Every business is different, but every business owner wants more profit. Here are our top tips for taking a fresh look at your business profitability.
It’s hard when you’re busy to think about this, but take 10 minutes a week to call the competition of one of your suppliers. This is a great first step to profit improvement. You don’t have to move, but it pays to know what the competition is charging – even if you go back to your current supplier and re-negotiate. That 10 minute call might save you hundreds of dollars.
This is particularly true for the telecommunications and power companies – it’s easy to shift, and there are websites which help with the comparison (powerswitch.org.nz).
Work out a good measurement of your team costs (eg ratio of wage costs to sales), then benchmark that to what others in your industry manage to see whether you’re doing well or badly. If you’re doing well, reward your team! A happy team is more productive and makes better decisions for you and your business.

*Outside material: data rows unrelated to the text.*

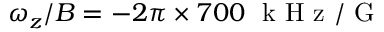
\omega _ { z } / B = - 2 \pi \times 7 0 0 ~ \mathrm { ~ k ~ H ~ z ~ } / \mathrm { ~ G ~ }
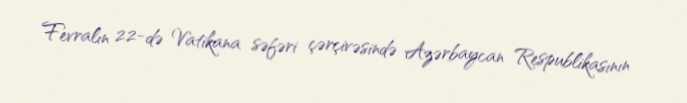
Fevralın 22-də Vatikana səfəri çərçivəsində Azərbaycan Respublikasının
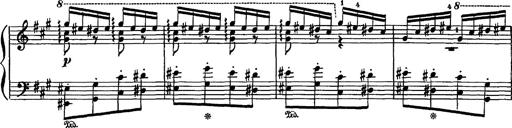
Title: Hungarian Rhapsody No.16
Composer: Franz Liszt
Key: A minor
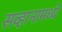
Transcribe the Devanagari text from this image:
सव्हानामध्ये
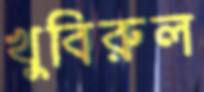
খুবিরুল
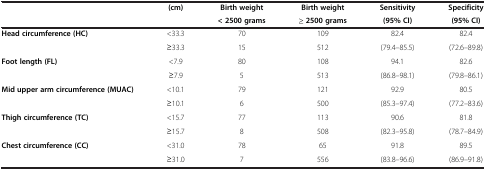
<table><thead><tr><td><b> </b></td><td><b>(cm)</b></td><td><b>Birth weight</b></td><td><b>Birth weight</b></td><td><b>Sensitivity</b></td><td><b>Specificity</b></td></tr><tr><td><b> </b></td><td><b> </b></td><td><b>&lt; 2500 grams</b></td><td><b>≥ 2500 grams</b></td><td><b>(95% CI)</b></td><td><b>(95% CI)</b></td></tr></thead><tbody><tr><td rowspan="2"><b>Head circumference (HC)</b></td><td>&lt;33.3</td><td>70</td><td>109</td><td>82.4</td><td>82.4</td></tr><tr><td>≥33.3</td><td>15</td><td>512</td><td>(79.4–85.5)</td><td>(72.6–89.8)</td></tr><tr><td rowspan="2"><b>Foot length (FL)</b></td><td>&lt;7.9</td><td>80</td><td>108</td><td>94.1</td><td>82.6</td></tr><tr><td>≥7.9</td><td>5</td><td>513</td><td>(86.8–98.1)</td><td>(79.8–86.1)</td></tr><tr><td rowspan="2"><b>Mid upper arm circumference (MUAC)</b></td><td>&lt;10.1</td><td>79</td><td>121</td><td>92.9</td><td>80.5</td></tr><tr><td>≥10.1</td><td>6</td><td>500</td><td>(85.3–97.4)</td><td>(77.2–83.6)</td></tr><tr><td rowspan="2"><b>Thigh circumference (TC)</b></td><td>&lt;15.7</td><td>77</td><td>113</td><td>90.6</td><td>81.8</td></tr><tr><td>≥15.7</td><td>8</td><td>508</td><td>(82.3–95.8)</td><td>(78.7–84.9)</td></tr><tr><td><b>Chest circumference (CC)</b></td><td>&lt;31.0</td><td>78</td><td>65</td><td>91.8</td><td>89.5</td></tr><tr><td> </td><td>≥31.0</td><td>7</td><td>556</td><td>(83.8–96.6)</td><td>(86.9–91.8)</td></tr></tbody></table>
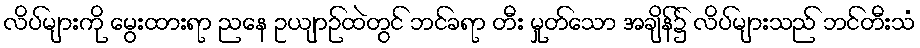
လိပ်များကို မွေးထားရာ ညနေ ဥယျာဉ်ထဲတွင် ဘင်ခရာ တီး မှုတ်သော အချိန်၌ လိပ်များသည် ဘင်တီးသံ
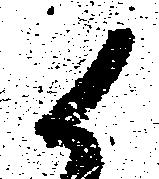
候
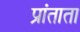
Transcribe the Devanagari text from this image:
प्रांताता
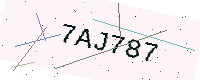
Text: 7AJ787
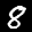
Label: 8
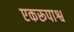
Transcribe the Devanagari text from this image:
एकरूपाश्व
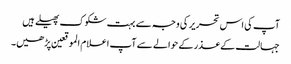
آپ کی اس تحریر کی وجہ سے بہت شکوک پھیلے ہیں
جہالت کے عذر کے حوالے سے آپ اعلام الموقعین پڑھیں۔
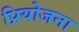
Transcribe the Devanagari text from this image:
प्रियोजना
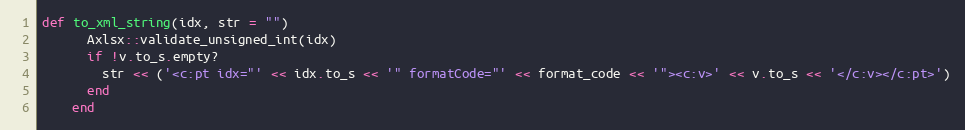
Language: Ruby
def to_xml_string(idx, str = "")
      Axlsx::validate_unsigned_int(idx)
      if !v.to_s.empty?
        str << ('<c:pt idx="' << idx.to_s << '" formatCode="' << format_code << '"><c:v>' << v.to_s << '</c:v></c:pt>')
      end
    end
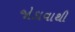
જોડાવાથી
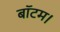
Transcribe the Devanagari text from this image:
बॉटम।
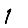
Digit: 1
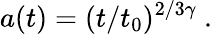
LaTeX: a(t)=(t/t_{0})^{2/3\gamma}~.
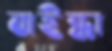
বাইন্ধা
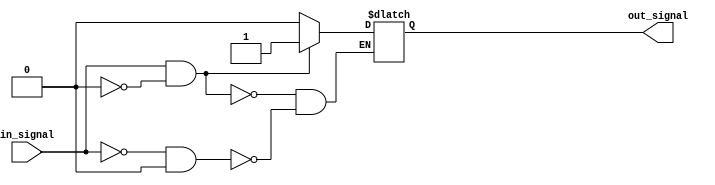
module Schmitt_trigger_buffer (
    input wire in_signal,
    output reg out_signal
);

reg previous_out;

always @ (in_signal, previous_out)
begin
    if (in_signal && !previous_out)
        out_signal <= 1;
    else if (!in_signal && previous_out)
        out_signal <= 0;
end
endmodule
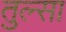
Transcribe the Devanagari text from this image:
तुल्सा
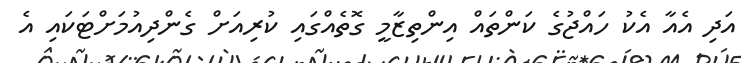
އަދި އެއާ އެކު ހައްޖުގެ ކަންތައް އިންތިޒާމީ ގޮތެއްގައި ކުރިއަށް ގެންދިއުމަށްޓަކައި އެ
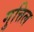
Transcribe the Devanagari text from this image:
गुत्तिल
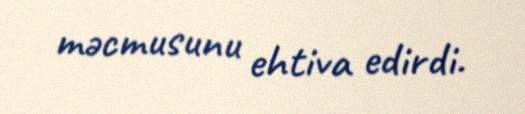
məcmusunu ehtiva edirdi.
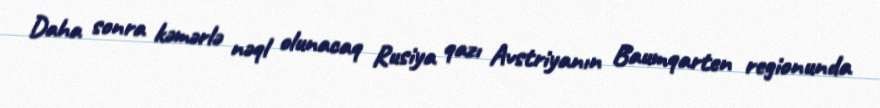
Daha sonra kəmərlə nəql olunacaq Rusiya qazı Avstriyanın Baumqarten regionunda
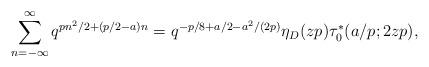
LaTeX: \begin{align*}\sum^{\infty}_{n=-\infty}q^{pn^2/2+(p/2-a)n}=q^{-p/8+a/2-a^2/(2p)}\eta_{D}(zp)\tau_0^*(a/p;2zp), \end{align*}
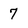
Character: 7
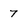
Character: 7
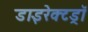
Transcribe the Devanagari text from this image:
डाइरेक्टड्रॉ
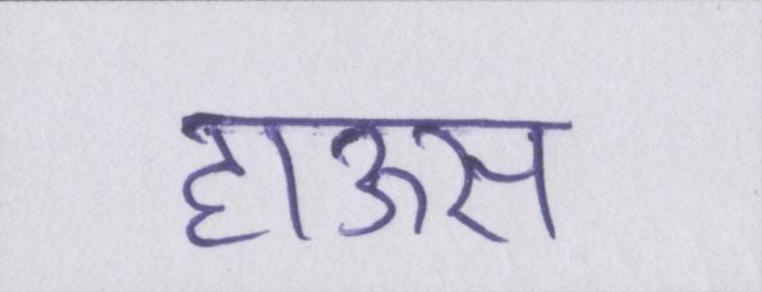
हाऊस
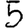
Digit: 5
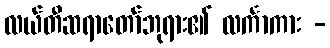
လယ်တီဆရာတော်ဘုရား၏ လင်္ကာကား -
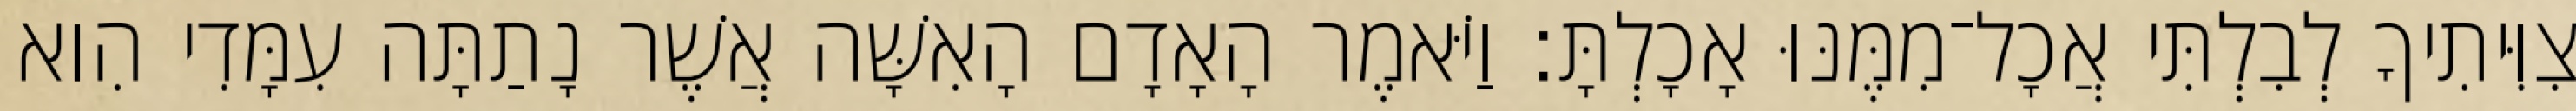
צִוִּיתִיךָ לְבִלְתִּי אֲכָל־מִמֶּנּוּ אָכָלְתָּ׃ וַיֹּאמֶר הָאָדָם הָאִשָּׁה אֲשֶׁר נָתַתָּה עִמָּדִי הִוא

If you’re behind the industry norm, fantastic, this gives you a great opportunity to save some money and probably create a better team environment. In terms of the ‘how to’, you could start with:
- Draw up an organisation chart – often confusion about roles and responsibilities creates overlaps
- See if you can determine your good performers versus your poor performers by specific measures – incentivise and reward good performance, train and manage poor performance
- Talk to your people and invite feedback on improvements. Often people are sitting on great ideas that they haven’t shared because they haven’t been asked!

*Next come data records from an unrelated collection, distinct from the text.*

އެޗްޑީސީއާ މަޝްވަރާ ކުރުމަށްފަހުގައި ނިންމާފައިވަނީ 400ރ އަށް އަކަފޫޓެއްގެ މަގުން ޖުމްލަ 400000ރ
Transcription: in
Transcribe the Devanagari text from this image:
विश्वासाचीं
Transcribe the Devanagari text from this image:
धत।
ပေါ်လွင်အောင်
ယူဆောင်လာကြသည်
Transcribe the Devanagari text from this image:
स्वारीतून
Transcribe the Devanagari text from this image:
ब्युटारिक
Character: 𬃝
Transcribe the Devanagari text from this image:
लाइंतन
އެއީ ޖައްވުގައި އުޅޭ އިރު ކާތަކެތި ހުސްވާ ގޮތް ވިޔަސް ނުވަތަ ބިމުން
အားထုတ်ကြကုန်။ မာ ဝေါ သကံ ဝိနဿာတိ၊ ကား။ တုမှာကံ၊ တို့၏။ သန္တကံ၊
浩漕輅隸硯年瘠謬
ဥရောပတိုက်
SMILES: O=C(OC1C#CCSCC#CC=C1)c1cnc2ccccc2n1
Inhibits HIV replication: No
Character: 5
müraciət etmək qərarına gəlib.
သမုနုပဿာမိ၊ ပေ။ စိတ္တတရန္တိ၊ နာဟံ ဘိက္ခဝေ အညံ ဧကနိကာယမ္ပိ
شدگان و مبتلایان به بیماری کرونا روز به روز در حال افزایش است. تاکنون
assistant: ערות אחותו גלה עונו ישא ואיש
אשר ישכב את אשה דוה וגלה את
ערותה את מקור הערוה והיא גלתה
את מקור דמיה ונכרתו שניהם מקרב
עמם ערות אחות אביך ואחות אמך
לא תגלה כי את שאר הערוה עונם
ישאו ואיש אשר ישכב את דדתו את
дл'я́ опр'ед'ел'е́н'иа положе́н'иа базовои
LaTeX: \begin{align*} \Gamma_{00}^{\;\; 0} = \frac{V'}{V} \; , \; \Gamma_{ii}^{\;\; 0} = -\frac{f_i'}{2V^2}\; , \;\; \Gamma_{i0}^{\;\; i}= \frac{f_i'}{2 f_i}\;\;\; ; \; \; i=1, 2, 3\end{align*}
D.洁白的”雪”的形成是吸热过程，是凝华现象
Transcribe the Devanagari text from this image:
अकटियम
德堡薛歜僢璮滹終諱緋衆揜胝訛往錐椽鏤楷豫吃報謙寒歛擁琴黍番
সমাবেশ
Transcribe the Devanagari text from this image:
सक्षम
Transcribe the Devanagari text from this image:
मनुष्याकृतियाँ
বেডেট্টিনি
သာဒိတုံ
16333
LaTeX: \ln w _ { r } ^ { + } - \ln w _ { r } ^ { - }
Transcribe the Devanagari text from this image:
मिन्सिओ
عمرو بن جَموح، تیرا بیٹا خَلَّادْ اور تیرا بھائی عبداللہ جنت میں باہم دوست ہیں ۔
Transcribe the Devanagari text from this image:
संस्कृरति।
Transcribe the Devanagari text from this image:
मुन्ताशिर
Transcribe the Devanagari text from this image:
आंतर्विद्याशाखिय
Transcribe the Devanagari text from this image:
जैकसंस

- Write a programme of change, in consultation with your team, what do they like, what works, what wastes time?
- Make sure everyone has a contract and a job description – partly because it helps with productivity but it is also the law.

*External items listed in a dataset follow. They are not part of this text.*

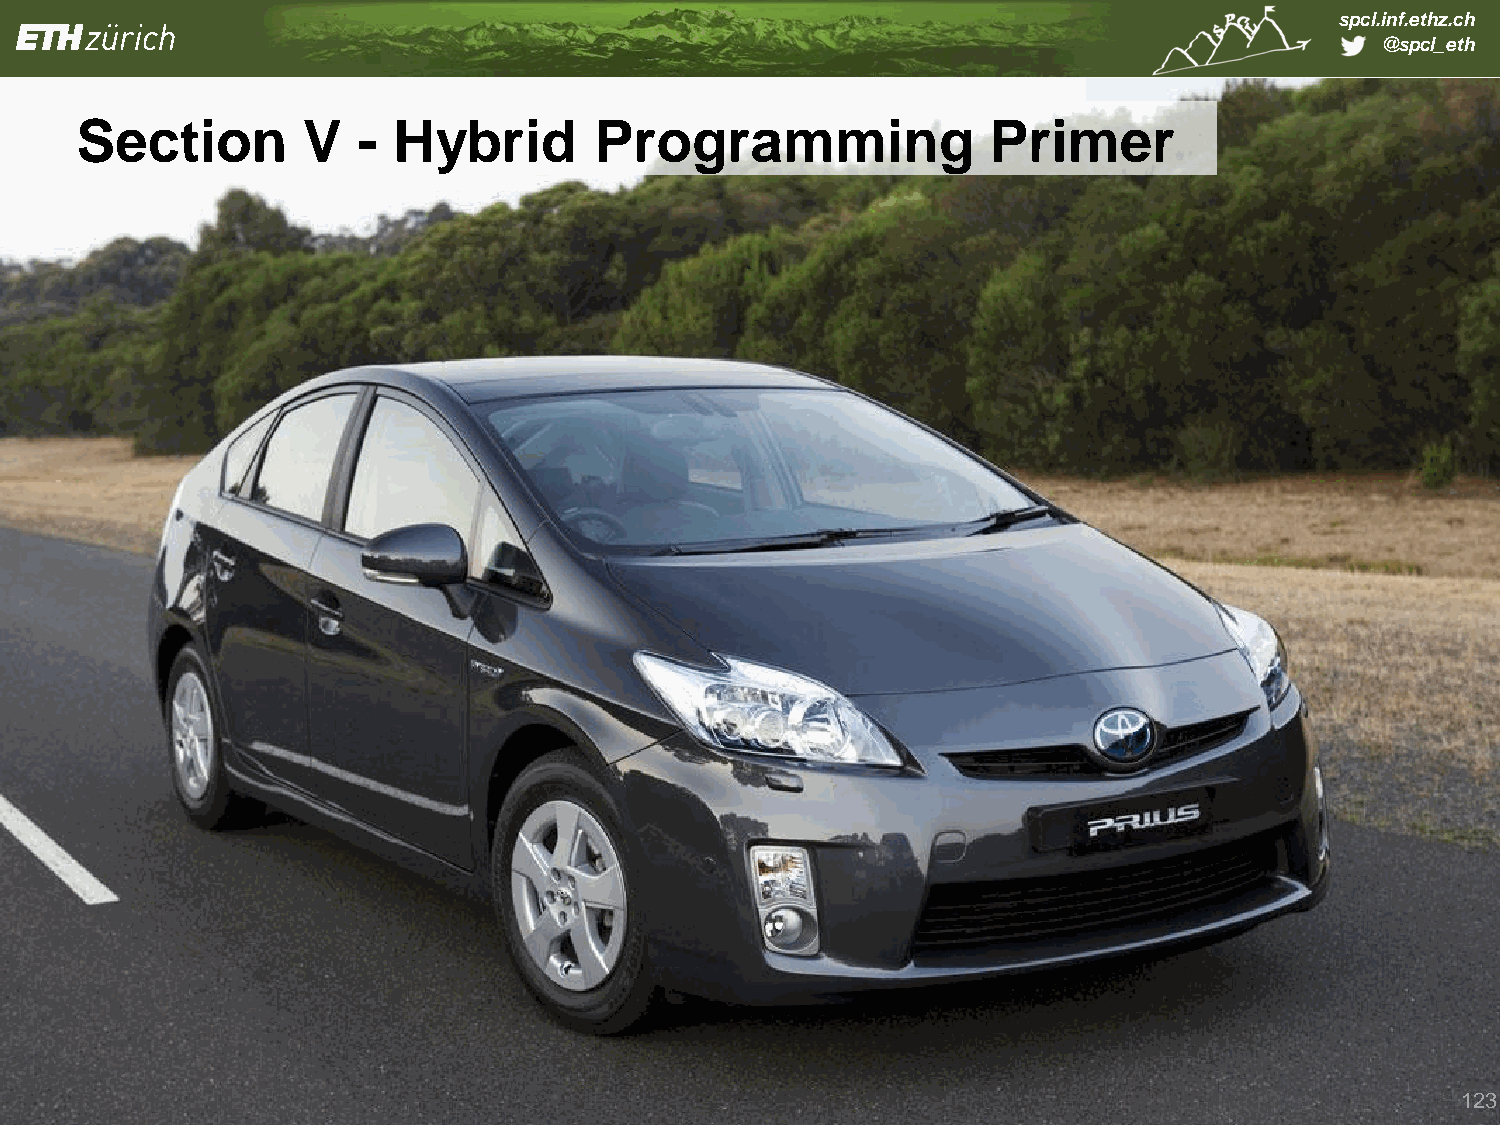
spcl.inf.ethz.ch
 @spcl_eth
 Section        V   - Hybrid       Programming                Primer
 123
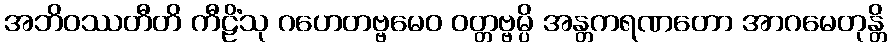
အဘိဝဿတီတိ ကီဠိံသု ဂဟေတဗ္ဗမေဝ ဝတ္တဗ္ဗမ္ပိ အန္တကရဏတော အာဂမေတုန္တိ
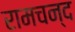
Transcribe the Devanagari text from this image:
रामचन्द
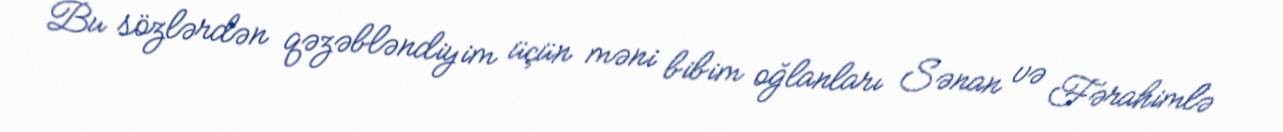
Bu sözlərdən qəzəbləndiyim üçün məni bibim oğlanları Sənan və Fərahimlə
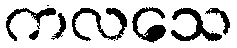
ကလသေ
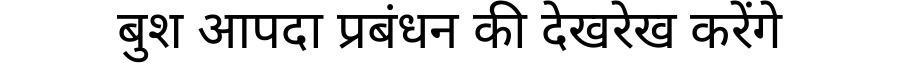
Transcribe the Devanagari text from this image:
बुश आपदा प्रबंधन की देखरेख करेंगे
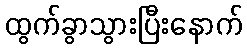
ထွက်ခွာသွားပြီးနောက်
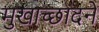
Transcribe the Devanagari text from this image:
मुखाच्छादने
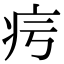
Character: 疞
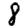
Digit: 8
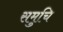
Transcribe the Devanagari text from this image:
समुचि
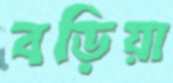
বড়িয়া
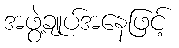
အဖွဲ့ချုပ်အနေဖြင့်
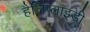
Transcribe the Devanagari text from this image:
हैलिप्लाइडी
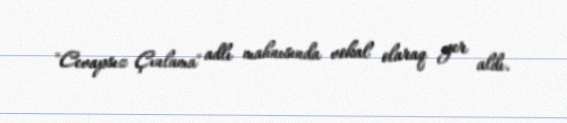
"Cevapsız Çınlama" adlı mahnısında vokal olaraq yer aldı.

Keep monitoring your people costs at regular intervals to see if positive change occurs – if it doesn’t, ask why not – and be honest – sometimes the problem is us!
Everyone wants more sales and it’s a tough world out there. There’s no quick fix for long term turnover growth and profit improvement, but here’s a few things to think about:
Check Your Pricing
If you’ve been charging the same for years, maybe it’s time to ring around your competitors and find out if you’re above or below the market. Either is fine as long as it’s part of your strategy. You can be lower to target a particular market or higher because you offer a superior product. Just make sure that you’re not offering a high price with lower quality or vice versa.
Find Out What The Market Is Doing
You in a growth market, a shrinking market or a static market? It can be very useful to know if you’re going with the trend or against it. You may need to refresh or bring a new product into your range, or change direction entirely (like the carriage makers at the start of the 20th century, learn to build a car, or die).
Talk To Your Customers
They’ll tell you what they like and don’t like – listen to their comments and change your offering to suit your market.
Be The Same, Then Be Different
It helps if you can stand out from your competition – pick an attribute that is your shining difference and highlight it.
Check you’ve got the right ACC code – you can sometimes be on the wrong code and it’s too high.
Be ruthless with advertising – if you always advertise in the paper, analyse whether it’s working. Sometimes advertising accumulates (the Yellow Pages, the local A to Z, a local flyer magazine) without you consciously thinking about whether it’s really working. Stand back and take a good look.
Put surplus funds on deposit – don’t leave money in your current account.
Check your loans/borrowing – if you have credit card debt, get rid of it if you possibly can. Pay off HP or credit cards at high rates using a bank loan.
In other words, give your accounts a spring clean, I guarantee there’s stuff in there that you don’t need or you’re paying too much for! And if I’m wrong then you can still feel great about that warm glow of satisfaction.